Appeal by the defendant from a judgment of the Supreme Court, Richmond County (Sangiorgio, J.), rendered November 10, 1983, convicting him of criminal sale of a controlled substance in the third degree, criminal possession of a controlled substance in the third degree and criminal possession of a controlled substance in the seventh degree, upon a jury verdict, and imposing sentence. The appeal brings up for review the denial, after a hearing (Felig, J.), of that branch of defendant’s omnibus motion which was to suppress identification testimony. By order dated March 25, 1986, this court remitted the matter to the Supreme Court, Richmond County, to hear and report after conducting a Wade hearing, and held the appeal in abeyance in the interim (see, People v Rubio, 118 AD2d 879). The Supreme Court, Richmond County, has complied.
Ordered that the judgment is reversed, on the law and the facts, and a new trial is ordered.
The charges in this case arose out of an alleged sale of heroin in which the defendant acted as an intermediary between the seller, known only as "Les”, and the buyers, an undercover police officer and his confidential informant. In order to avoid exposure of the true identities of the officer and the informant, no arrest was made at the time of the alleged transaction, which lasted no more than five minutes. However, when the police returned to the scene several hours later, the suspects could not be located. Some 27 days later, the informant spotted the defendant in the vicinity of the location in which the sale had taken place. The police were notified and the defendant was arrested (see, People v Rubio, supra). After the undercover officer was notified that a suspect had been arrested, he came to the precinct and viewed the defendant through a one-way mirror as the defendant stood either alone or with a police sergeant. The undercover officer identified the defendant as one of the participants in the drug sale. At trial, this officer was permitted to identify the defendant as one of the participants in the sale and he further testified that he had identified the defendant through a one-way mirror at the precinct 27 days after the drug sale.

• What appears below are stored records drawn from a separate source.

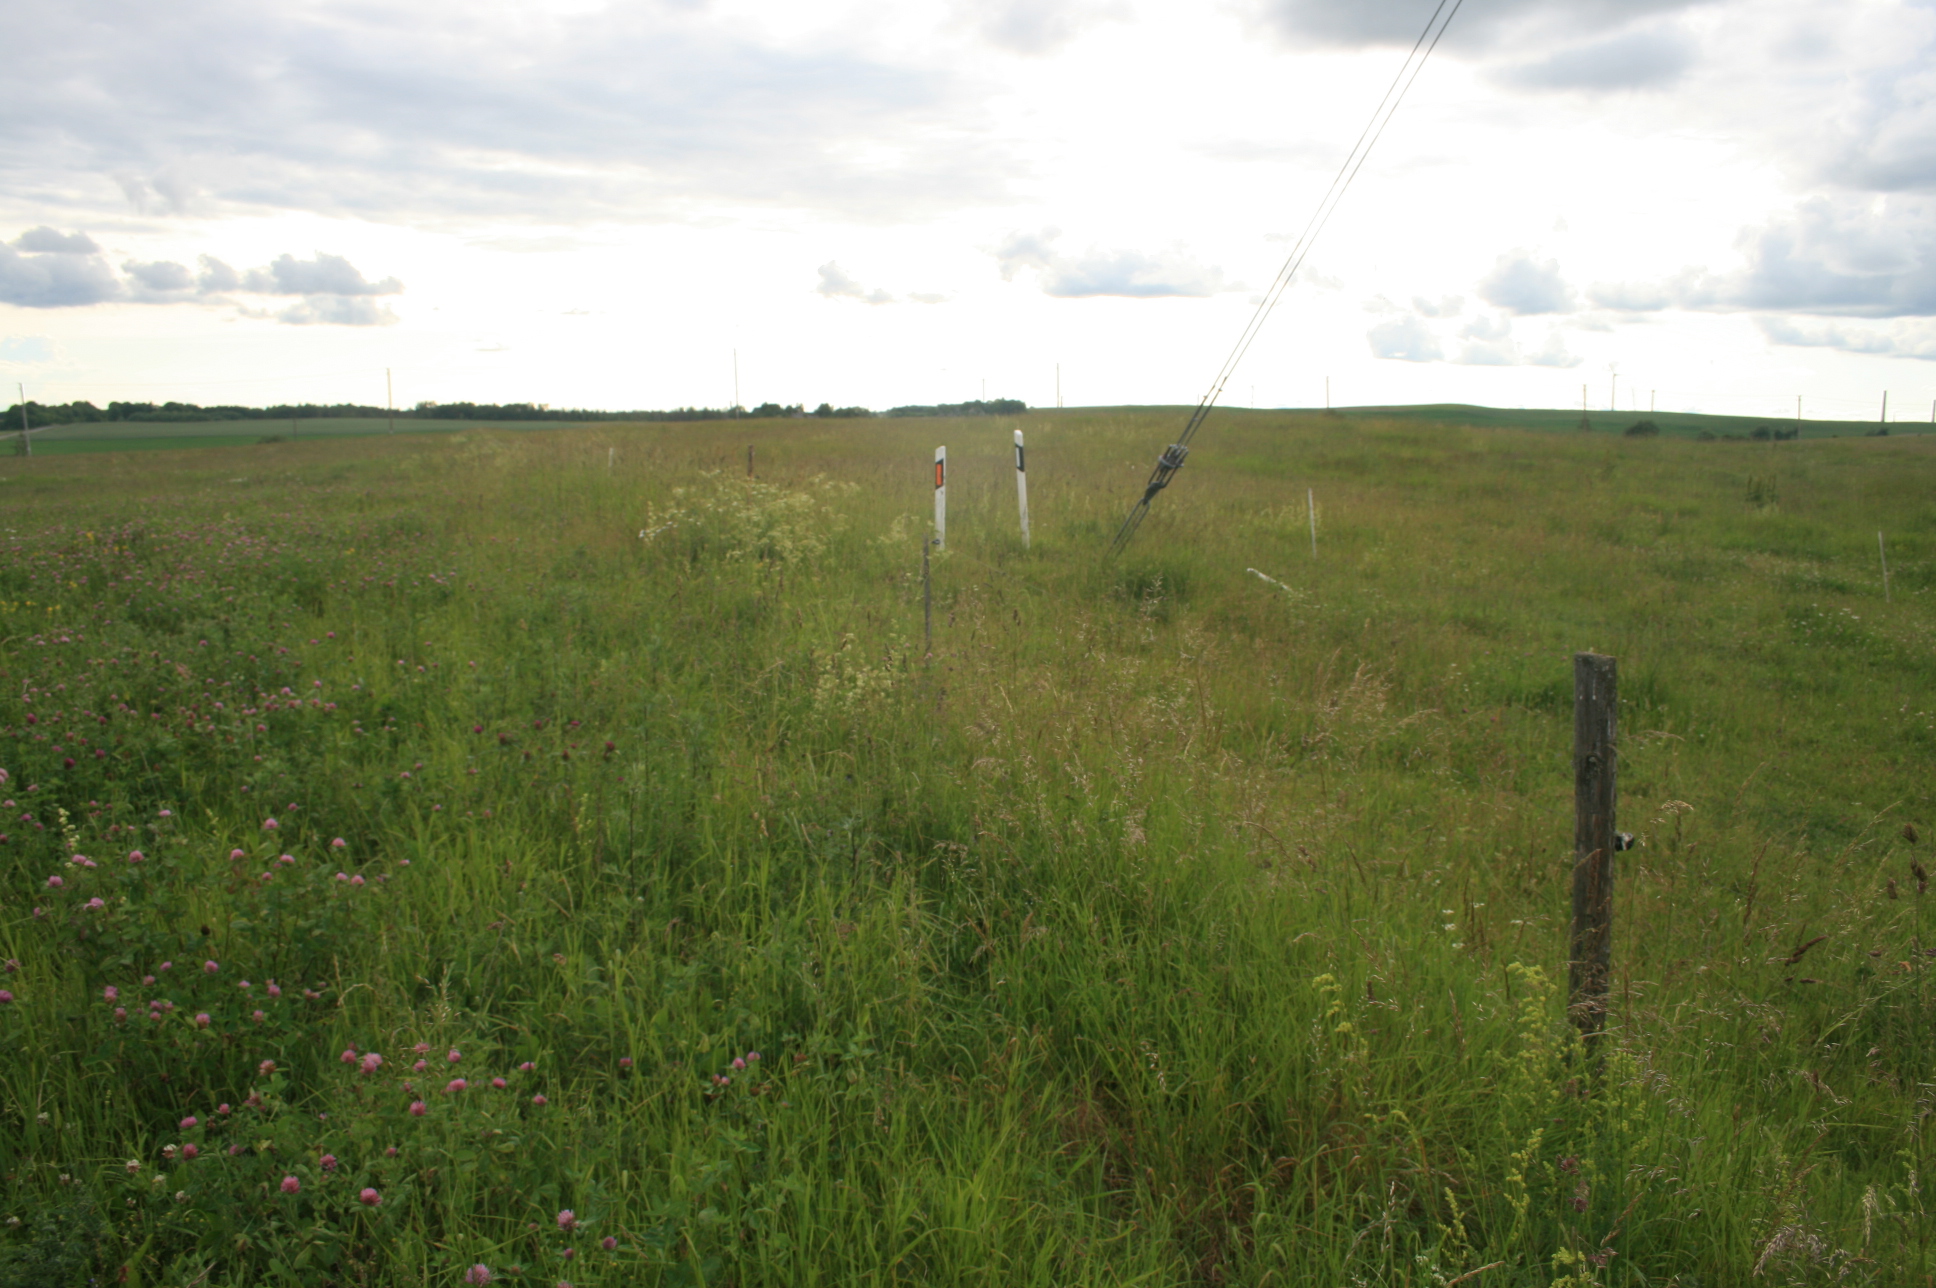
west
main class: Grassland
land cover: Grassland without tree/shrub cover
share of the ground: > 75 %
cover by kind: herbaceous plants 100 %
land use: Agriculture (excluding fallow land and kitchen gardens)
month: June
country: LT
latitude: 55.1199
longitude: 22.1138
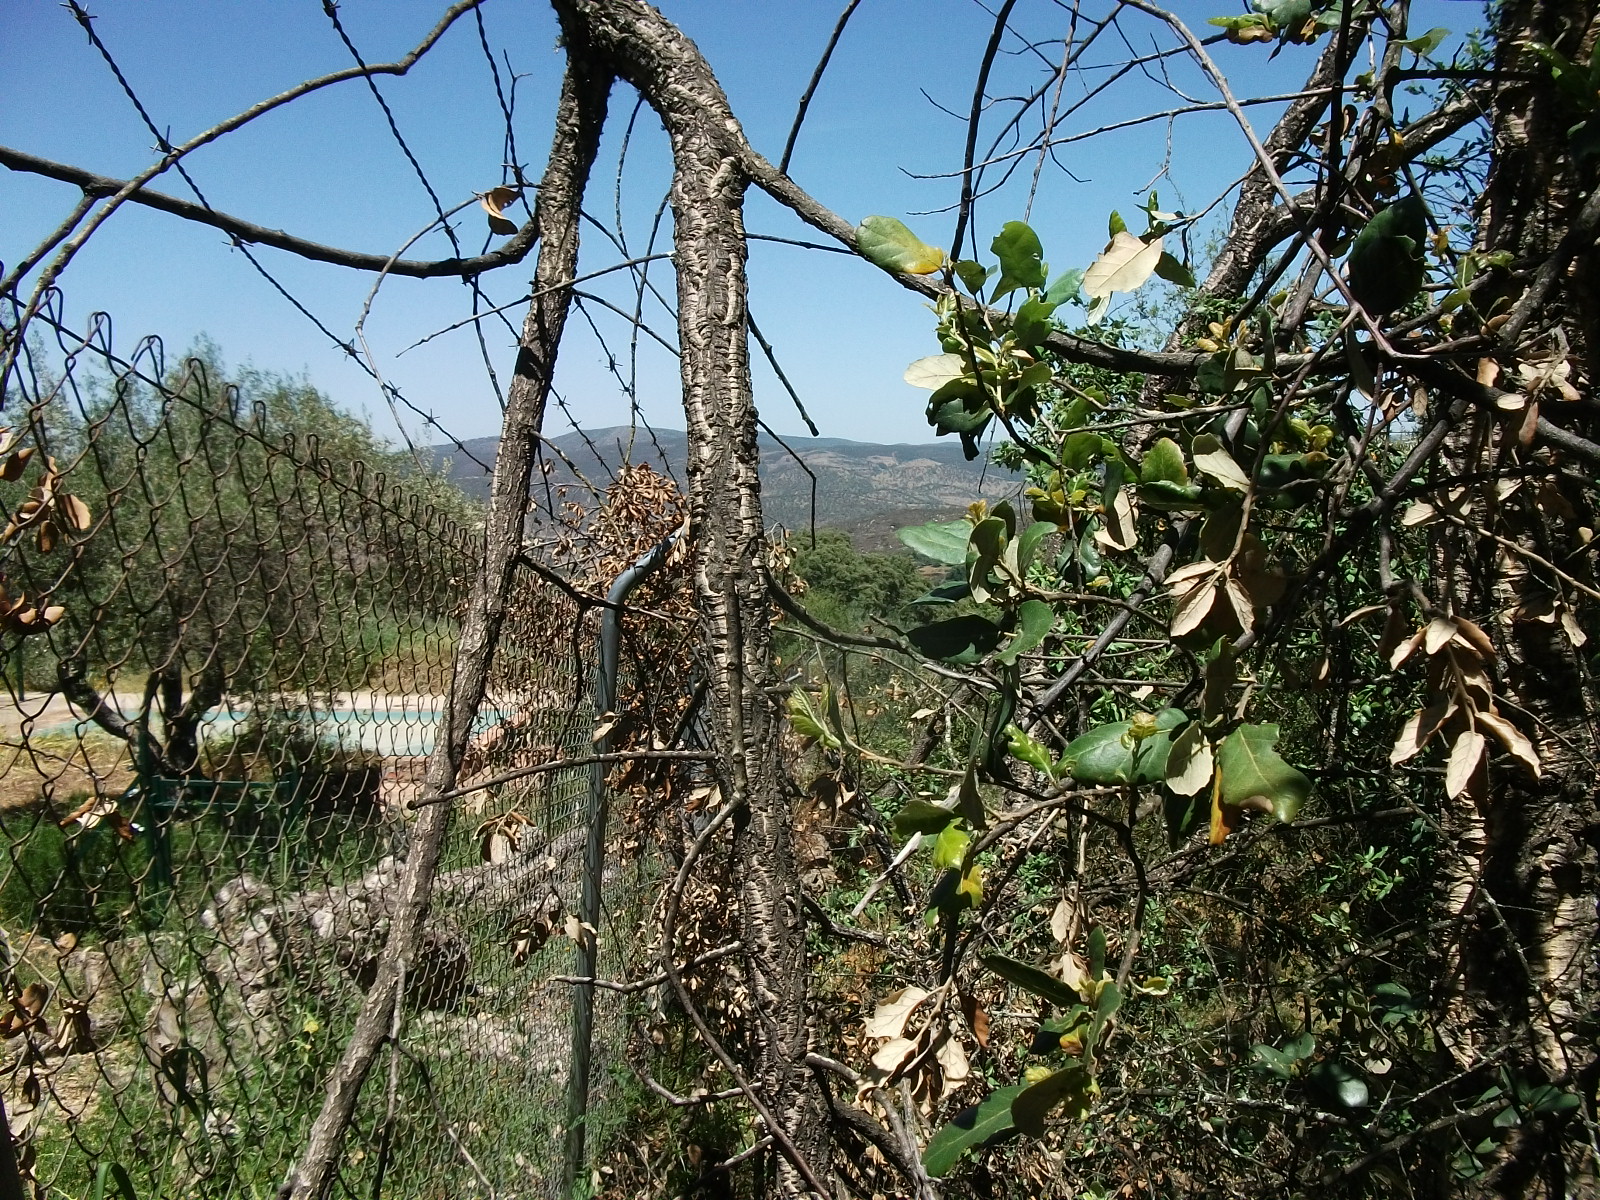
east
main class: Cropland
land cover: Olive groves
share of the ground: 10 - 25 %
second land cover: Spontaneously vegetated surfaces
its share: > 75 %
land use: Agriculture (excluding fallow land and kitchen gardens)
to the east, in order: Olive groves; Spontaneously vegetated surfaces; Fences; Dry stone walls; Broadleaved woodland; Olive groves; Rivers and streams; Dry stone walls; Fences; Broadleaved woodland; Dry stone walls; Broadleaved woodland; Dry stone walls; Tracks; Dry stone walls; Fences; Broadleaved woodland; Pine dominated coniferous woodland
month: May
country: ES
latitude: 37.9346
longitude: -6.6228
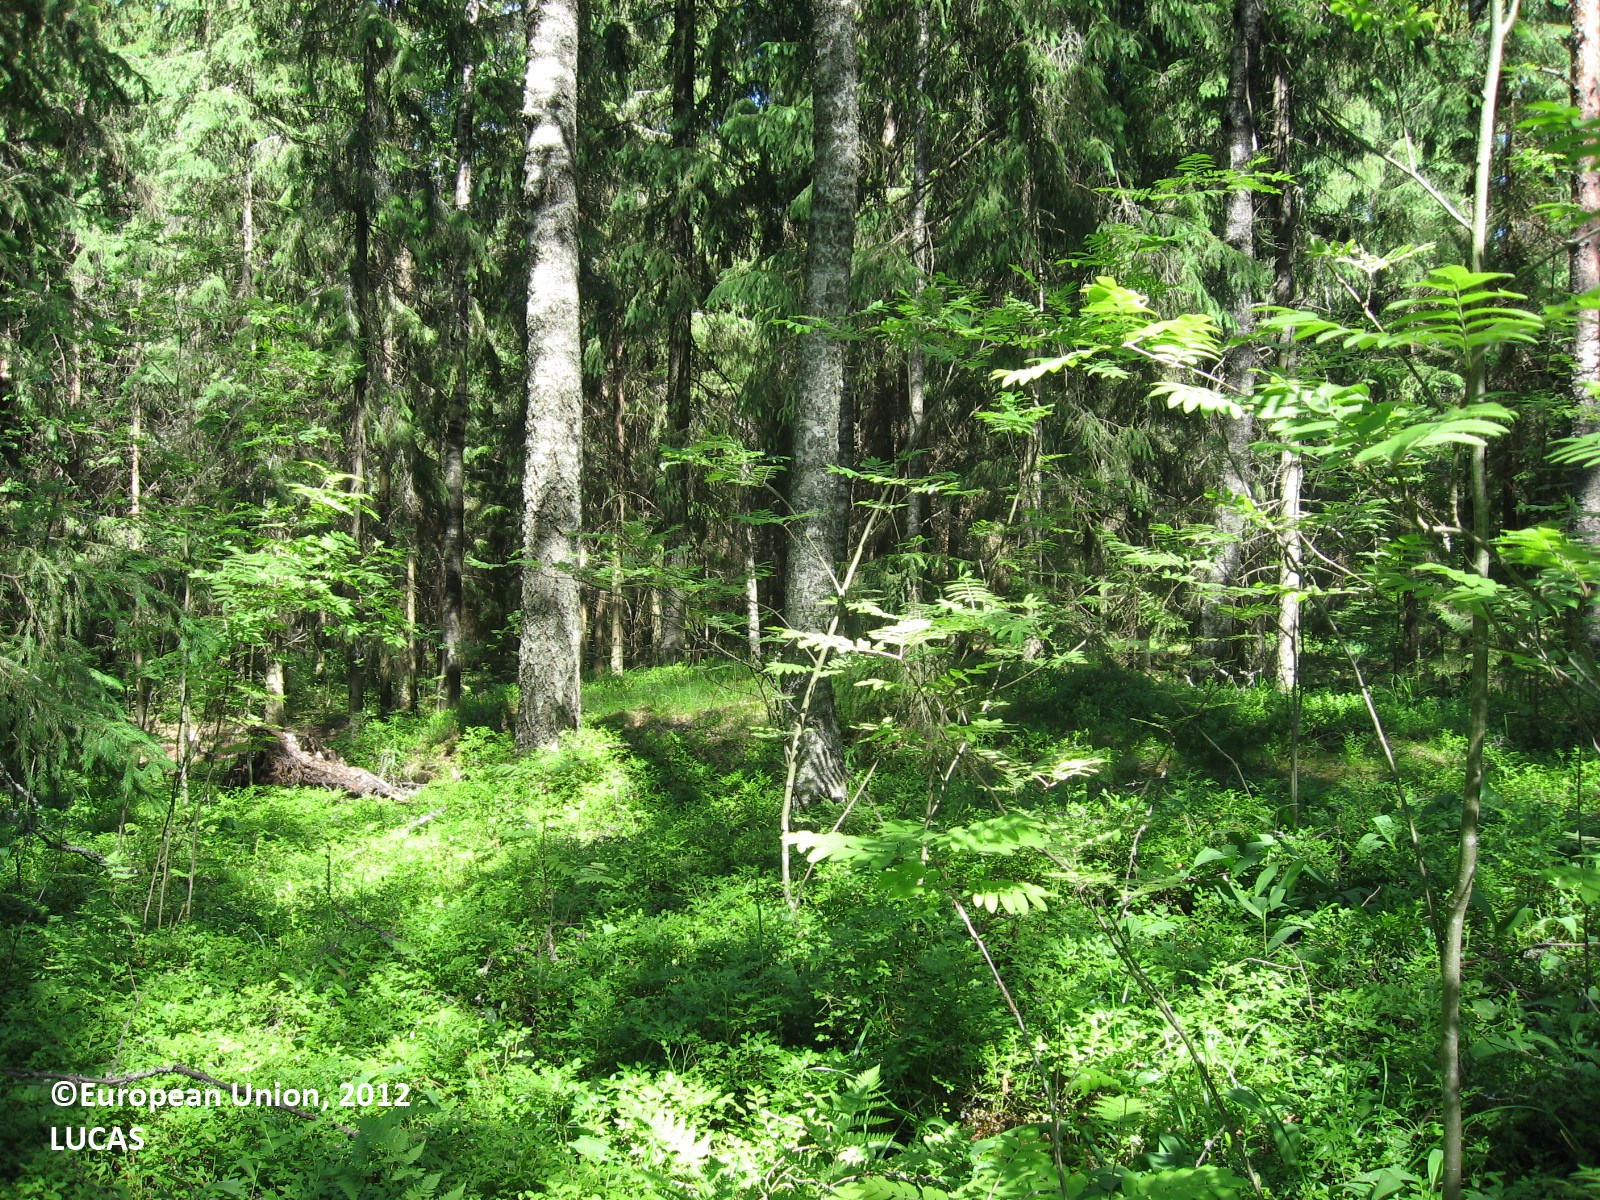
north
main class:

We find no merit to the People’s argument that the Wade hearing court correctly found that the undercover officer’s viewing of the defendant was a confirmatory identification to insure that the proper person was arrested. The undercover officer was identifying the defendant for the first time as a participant in a drug sale. The present facts therefore are *476clearly distinguishable from those in People v Morales (37 NY2d 262) where the undercover officer had returned to the street after the drug buy and identified the defendant, and was viewing the defendant for the third time when he confirmed that the backup team had picked up the man he had identified. In Morales, as distinguished from the instant case, at the time the undercover officer viewed the confirmatory showup, “identification was behind him” (People v Morales, supra, at 272). The present identification was analogous to an identification by a civilian witness who views a lineup or showup after a crime.
Moreover, we find that the instant showup was so unnecessarily suggestive and conducive to irreparable mistaken identification as to deny the defendant due process of law. The showup took place 27 days after the drug sale, and the defendant was either alone or with a sergeant in the room. There was no need to utilize the showup procedure since the defendant had already been identified by the informant and arrested (see, People v Osgood, 89 AD2d 76; People v Mercado, 63 AD2d 720; People v Baez, 103 AD2d 746). Nor was there was any exigent reason for holding this showup (see, People v Ford, 100 AD2d 941; People v Osgood, supra).
Although the undercover officer’s in-court identification was properly admitted at trial since there was an independent basis for it, it was error for the trial court to allow the undercover officer to testify at trial to his identification of the defendant at the suggestive showup (see, People v Adams, 53 NY2d 241). In our view, this error cannot be considered harmless since the proof of the defendant’s guilt was not overwhelming (see, People v Crimmins, 36 NY2d 230, 241). The undercover officer testified that he had participated in so many undercover buys that he could not recall any particular one without referring to his notes, and that he would not be able to testify without looking at his notes. The notes reveal only a very general description of the perpetrator. At trial the undercover officer testified that he was told before viewing the defendant in the showup that the police had someone who fit the description of the person he had bought drugs from on the date in question, i.e., the defendant. Indeed, the jury was concerned about the circumstances surrounding the undercover officer’s subsequent identification of the defendant as they asked during their deliberations whether the undercover officer had viewed the defendant in a lineup.
The only other evidence connecting the defendant to the instant crime is the testimony of a paid informant. While the *477informant did identify the defendant as a participant in this transaction, he was confused as to the date of the transaction as well as his subsequent identification of the defendant. Furthermore, the informant was a former heroin addict who was using methadone daily at the time of trial. His description of the perpetrator varied from that given by the undercover officer. Under these circumstances, we conclude that the proof of the defendant’s guilt was not overwhelming, and that the error in permitting the undercover officer to testify to his identification made pursuant to an unduly suggestive showup cannot be viewed as harmless. Bracken, J. P., Lawrence, Rubin and Eiber, JJ., concur.